When the operator releases lever 30, spring 120 will cause cam 114 to rotate and pinch off conduit 28 thereby closing conduit 28. Since valve 27 is now closed, seat 16 cannot move downwardly because of the incompressibility of hydraulic fluid 100 in bag 72. Bag 72 is constructed to have flexible walls. However the walls stretch only slightly and the material from which diaphragm 72 is constructed must therefore be of sufficient thickness to prevent undue stretching under pressure of the hydraulic liquid in bag 72. The material must be flexible enough to allow the bag to flex and to act as a rolling sock to vary the size of volume 74 contained in bag 72. A preferable material for diaphragm 64 is neoprene rubber since this material is sufficiently flexible and is resistant to oil.

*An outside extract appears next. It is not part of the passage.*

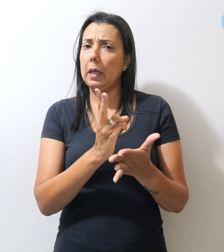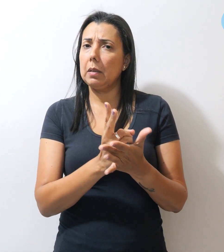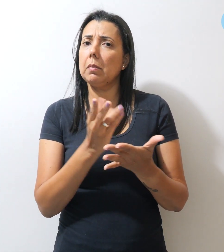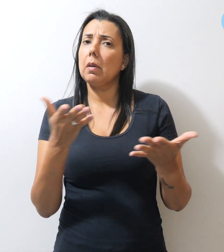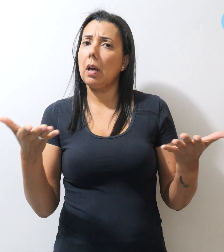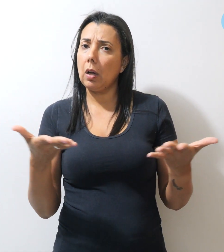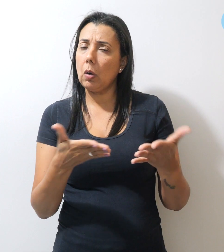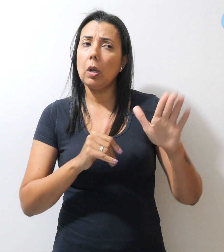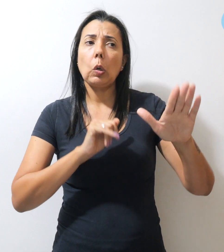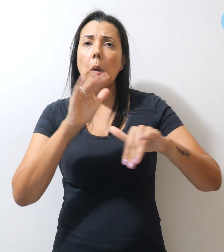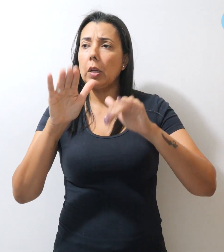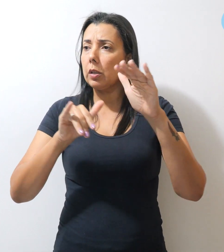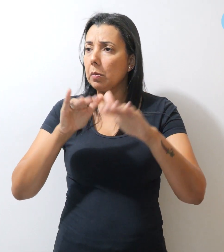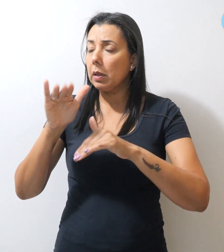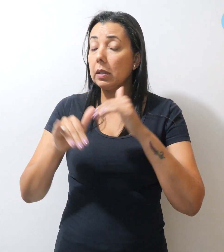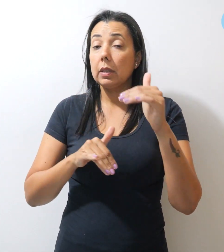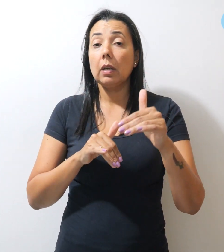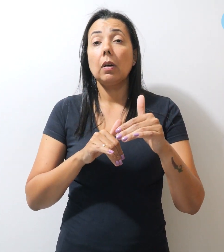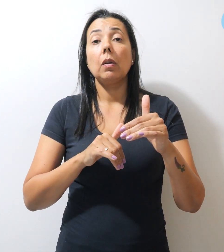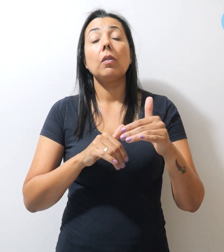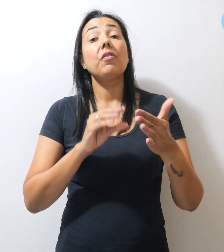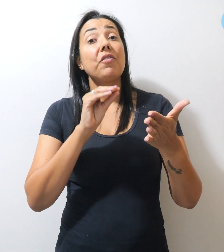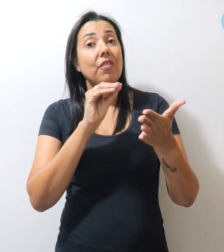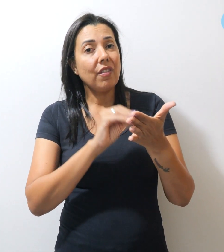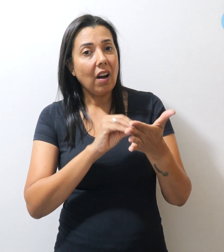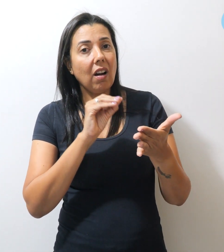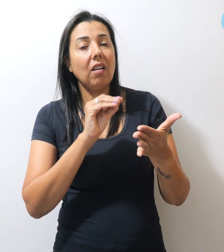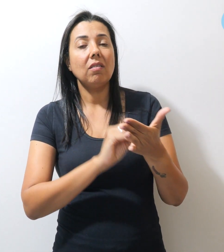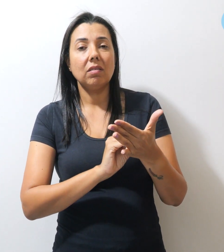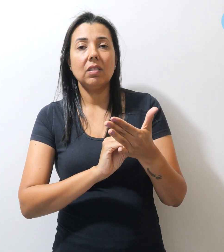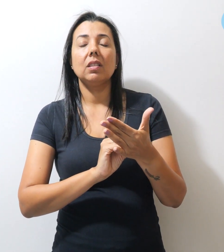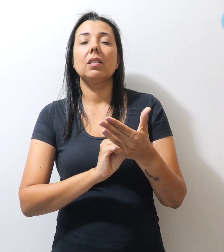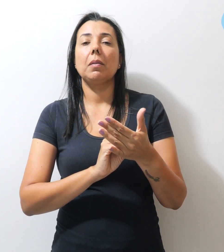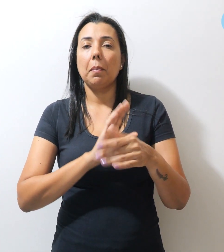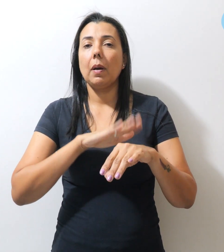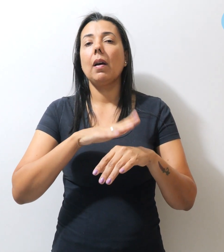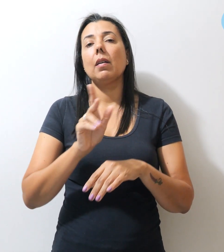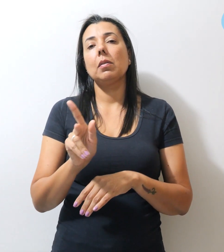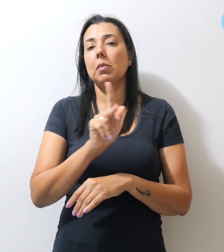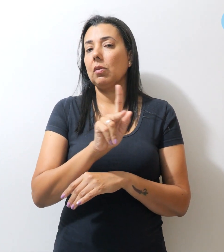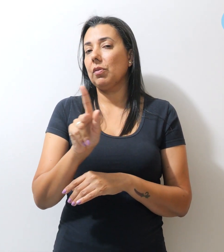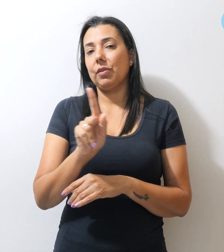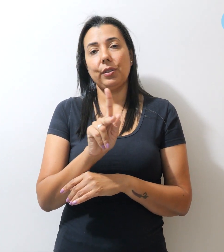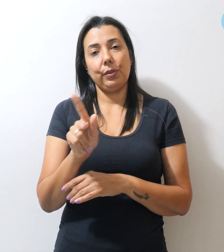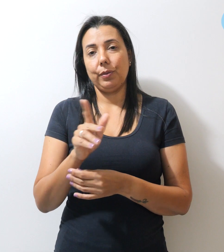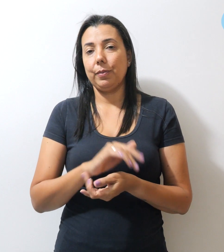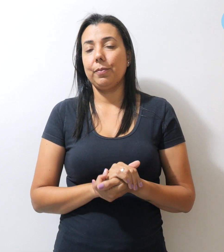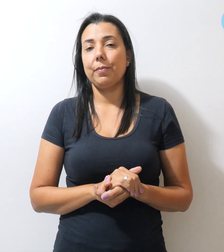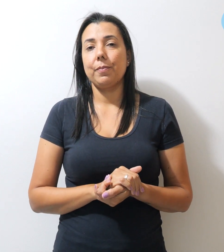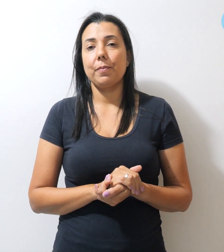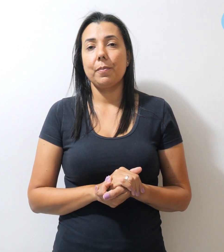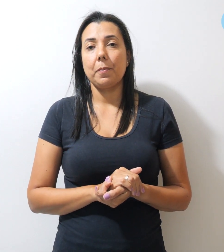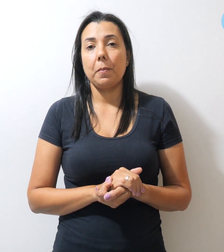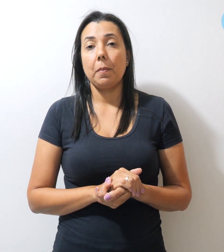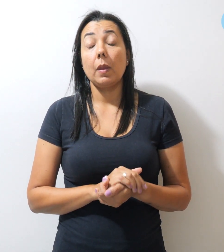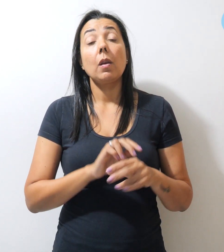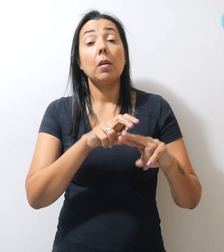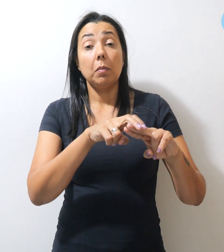convocação, as carências da rede pública de ensino não serão resolvidas. Por isso, a

If it is now desired to lower seat 16, a weight is placed on the chair seat such as for instance by means of a person occupying the chair and valve 27 is opened by depression of lever 30. The weight of the chair occupant will cause pressure on the incompressible hydraulic liquid in volume 74, causing it to flow out of reservoir 72 through opening 86 in plug 84 and through conduit 28, valve 27 and orifice 104 into reservoir 26. Hydraulic liquid cannot pass downwardly through orifice 108 since check valve ball 106 will seat on orifice 108 to prevent hydraulic liquid from flowing through orifice 108 into reservoir 26. Orifice 104 is sized so that the rate of flow of hydraulic liquid therethrough is sufficiently slow to allow the downward speed of the chair seat to be comfortable for the chair occupant. This slow downward speed allows the occupant to choose the exact position in which he want to stop the descent of seat 16.
What has therefore been provided is a very simple and efficient mechanism for raising and lowering the chair seat. No sliding seals are used in the construction of the mechanism whereby leakage of hydraulic fluid is eliminated. Furthermore no pumps are needed in order to provide upward movement of the chair seat since the pressurized gas 98 provides the pumping function.

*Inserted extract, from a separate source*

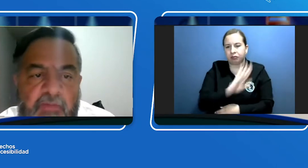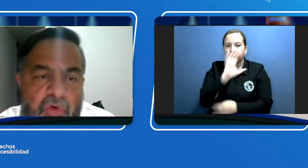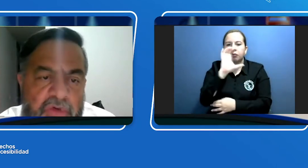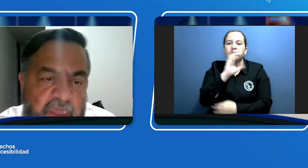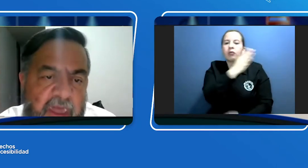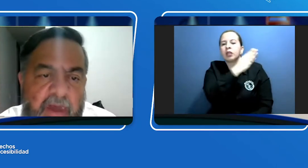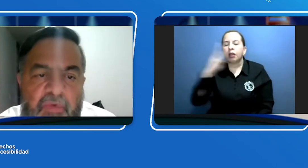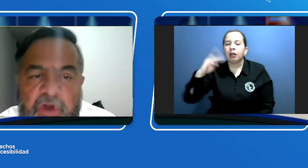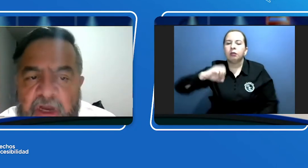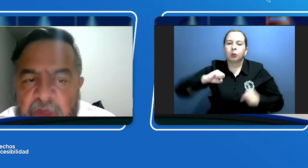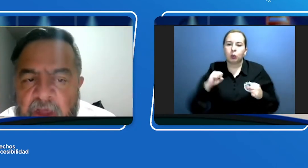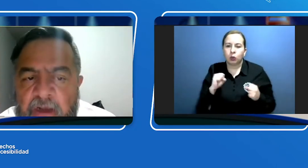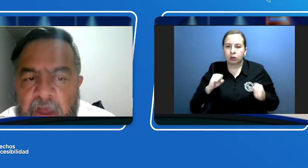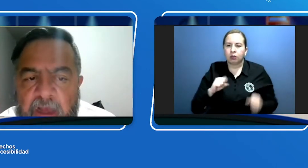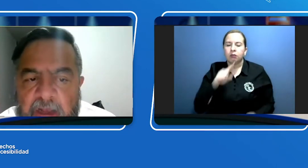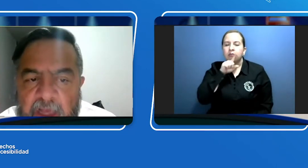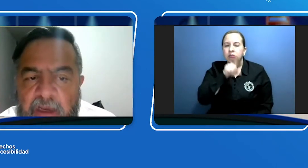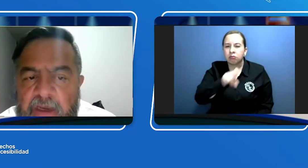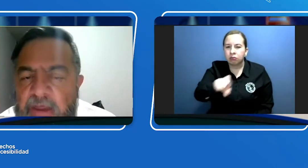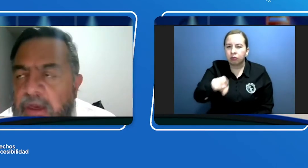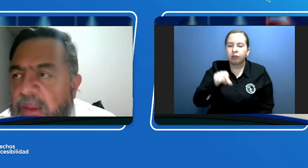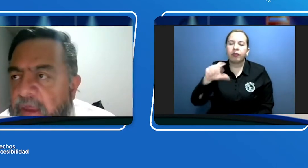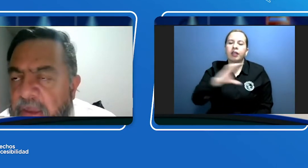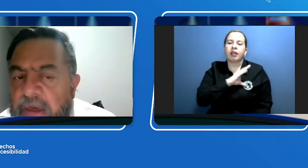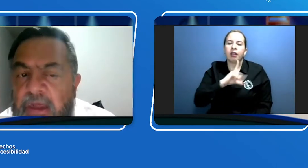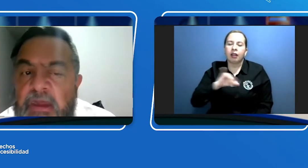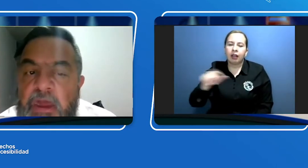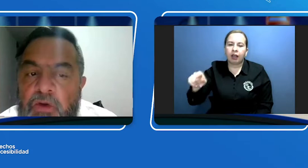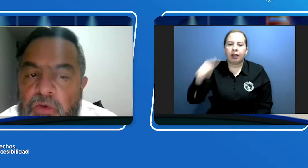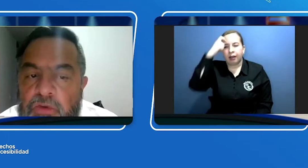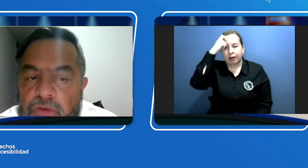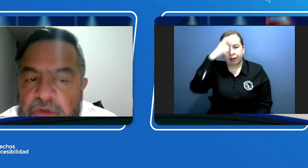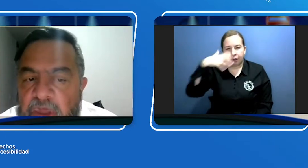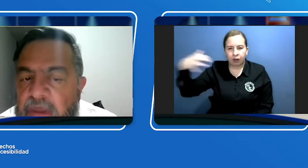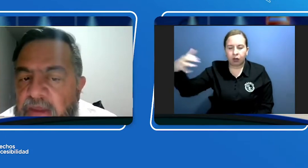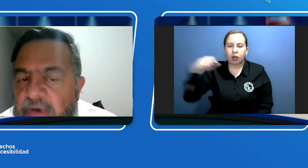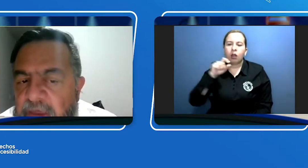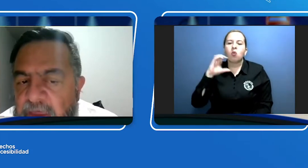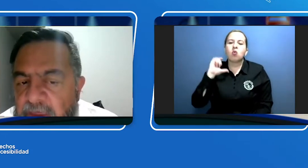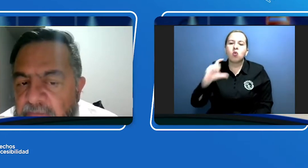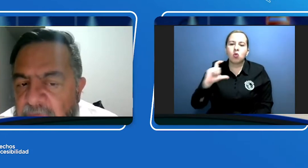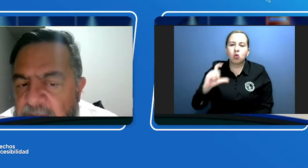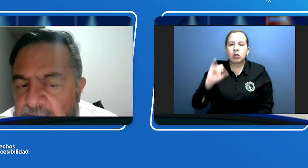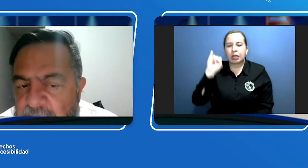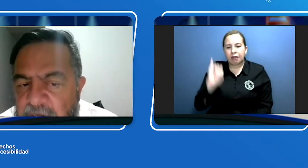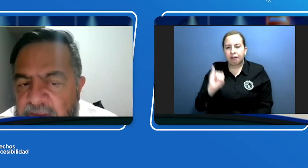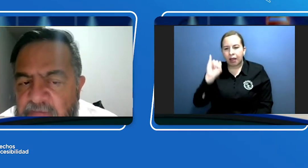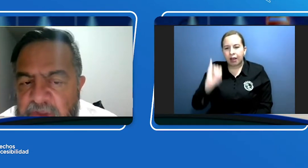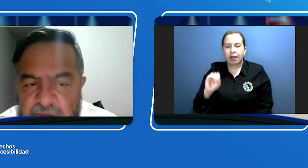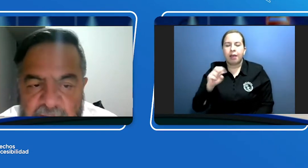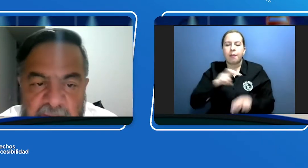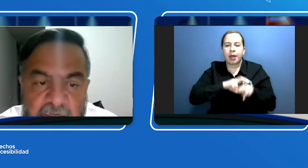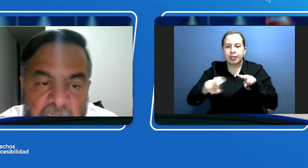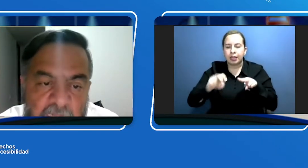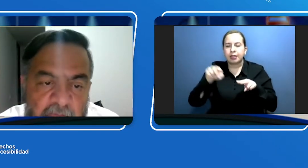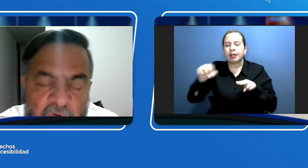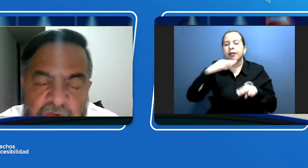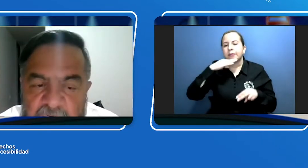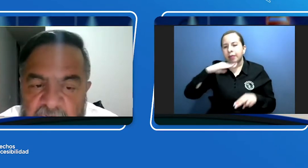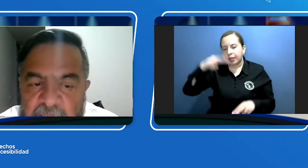Bogotá, Bucaramanga, Cali, Castagena, Cúcuta, Ibagué, Manizales, Medellín, Montería,

Additionally what has been provided is a very simple control which may be located in any convenient location in the chair including the arm portion of the chair or adjacent the chair seat where it is easily accessible to the chair occupant. To relocate the control all that needs to be done is to use an appropriate length of flexible conduit 28 and to reposition the valve control assembly 27.
While in the disclosed embodiment the hydraulic fluid has been described as a hydraulic liquid, a gas such as Freon or air could be used in the operation of the system. Control valve assembly 27 can be used for the control of the flow of either a liquid or a gas through conduit 28.
It should also be understood that while in the illustrated embodiment the hydraulic lifting mechanism is illustrated in combination with a chair, the mechanism could be used for the support of work surfaces for office furniture such as tables and the like.
Turning now to FIGS. 6 and 7, an alternative embodiment of the invention is shown. The reservoirs for containing the hydraulic liquid are arranged in stacked relationship rather than remotely from each other as shown in FIG. 1. Thus by reference to FIG. 6 a reservoir 130 is located inside hydraulic lifting assembly 22 above flexible bag 72. Reservoir 130 has an upper wall 133 and a lower wall 132. A conduit or tube 134 connects aperture 86 in plug 84 to flexible conduit 28. Flexible conduit 28 extends through an aperture 140 in an upper extension of the side wall of reservoir 130. A tube 136 connects conduit 28 with volume 138 of hydraulic liquid contained in reservoir 130. An upper support wall 142 is provided to support shaft 40 and support platform 42.
As in the embodiment of FIGS. 1 and 2, lower cylindrical shroud 24 and bottom portion 60 thereof are stationary. Spindle 46 extends upwardly from bottom wall 60. Thrust bearing 44 is supported by bottom wall 60. Upper end 50 of spindle 46 is threadedly received in aperture 52 of support member 54.
In operation as valve assembly 27 is operated by the actuation of lever 30 to enable hydraulic fluid to flow through conduit 28, compressed gas volume 144 in reservoir 130 will force hydraulic liquid through tube 136, conduit 28, tube 134, and opening 86 into expandable volume 74 of flexible bag 72. This causes bag 72 to expand and generates an upward force on plug 84 and bottom wall 132 of reservoir 130. This force is transmitted through the sidewalls of reservoir 130 to top support member 142, whereby shaft 40 and support platform 42 will move upwardly. When an occupant is seated in chair seat 16 and lever 30 is actuated, a downward force on platform 42 and shaft 40 will cause hydraulic liquid to be forced from flexible bag 72 into reservoir 130 thereby allowing the chair seat to descend.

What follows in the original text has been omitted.